Don’t Say ‘Terrorist’ About ‘White People Like Ourselves’
Generally, news outlets don’t explain why they aren’t calling Roof a terrorist suspect; they just rarely use the word. But the Washington Post‘s Philip Bump gave it a shot in a piece headlined “Why We Shouldn’t Call Dylann Roof a Terrorist” (6/19/15), and his rationale is worth taking a look at.

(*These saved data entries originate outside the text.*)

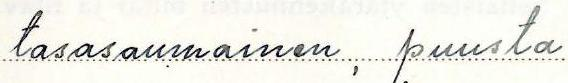
tasasaumainen, puusta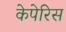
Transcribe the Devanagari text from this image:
केपेरिस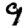
Digit: 9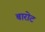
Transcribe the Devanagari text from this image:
बारोट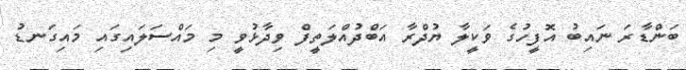
ބަންޑާރަ ނައިބު އޮފީހުގެ ވަކީލާ ޔުދްރާ އަބްދުއްލަތީފް ވިދާޅުވީ މި މައްސަލައިގައި މައިގަނޑު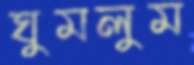
ঘুমলুম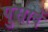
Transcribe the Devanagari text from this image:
पुसावें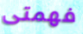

Bump starts out by acknowledging that “a terroristic act, which this was, is treated and identified differently when the actor is a young white man.” He contrasts the treatment of the Charleston massacre with the attack on the Mohammad cartoon contest in Texas:
In each case, someone hoping to prove a political point attacked a gathering because of who was in attendance. In the case where the only deaths were the attackers, we call it terrorism. In the case where the only deaths were the innocent people, we debate it.“But,” Bump then says, “we shouldn’t call Dylann Roof a terrorist.” His argument for this:
Roof wants to be a terrorist—for us to admit that he terrorized us. He likes the attention, telling the police as he admitted to his acts that he wanted to make sure they were “known.”… What if we just call him a racist, grotesque person. What if we laughed at him instead of telling him he scared us?This makes as much sense as arguing that you shouldn’t charge someone with kidnapping because the person they abducted wasn’t a kid. “Terrorism” is the name of a crime, and the relevant question isn’t whether we like the etymology of the term, but whether the murders fit the elements of the definition—which has to do with intent to intimidate or coerce, not with whether anyone actually felt “terror.”

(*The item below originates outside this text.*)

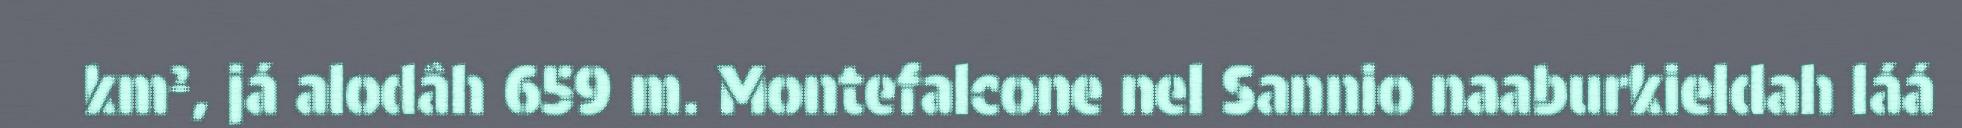
km², já alodâh 659 m. Montefalcone nel Sannio naaburkieldah láá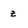
Character: Z

On some level, Bump understands that “terrorism” is a legal term with serious legal consequences, and that the fact that it’s unevenly applied based on the race and religion of the perpetrators is a real problem:
When Dzhokhar Tsarnaev was arrested in Boston in 2013, the debate was over how to treat him given that he was a terror suspect—as manifested by Sen. Lindsey Graham—not over whether or not he was a terror suspect. That’s part of why Tsarnaev and the Texas cartoon attackers were so quickly identified as terrorists.This, Bump notes, “reflects the same racial chasm that Roof wanted to exacerbate.”
He also notes that the word has become politicized by the “War on Terror”—”which is, in essence, a war on certain groups of Middle Easterners and Muslims.” As Bump observes, “Calling more non-American people terrorists also serves to bolster the arguments of those calling for more military intervention.” Which leads him to conclude that “the problem…isn’t that we’re too slow to call Roof a terrorist. It’s that we’re often too quick to call everyone else a terrorist.”
Yet Bump doesn’t seem to have written a column about how “we’re too quick to call everyone else a terrorist”; he didn’t seem to have any problem referring to the Boston Marathon bombing as “terrorism,” for example. (“The key component to any terrorist attack is luck” was the lead sentence for a piece he wrote on the Tsarnaev brothers, for instance—The Wire, 4/22/13.) So why write this piece, urging people to do what most journalists are already doing—avoiding saying “terrorism” in connection to Charleston?
Most Americans are white, and we see white people like ourselves. When I see Dylann Roof, I remember being a white male his age, barely out of my teenage years and experiencing weird anger in a difficult time…. We can identify much more easily with who he is.Huh. You would think a self-respecting journalist, recognizing this kind of irrational bias in himself, would try to avoid letting it influence his work—would certainly not want to call for giving a criminal suspect special journalistic treatment based on this identification. Yet there’s not really any other explanation offered in the column as to why it was written about Roof and not about Dzhokhar Tsarnaev.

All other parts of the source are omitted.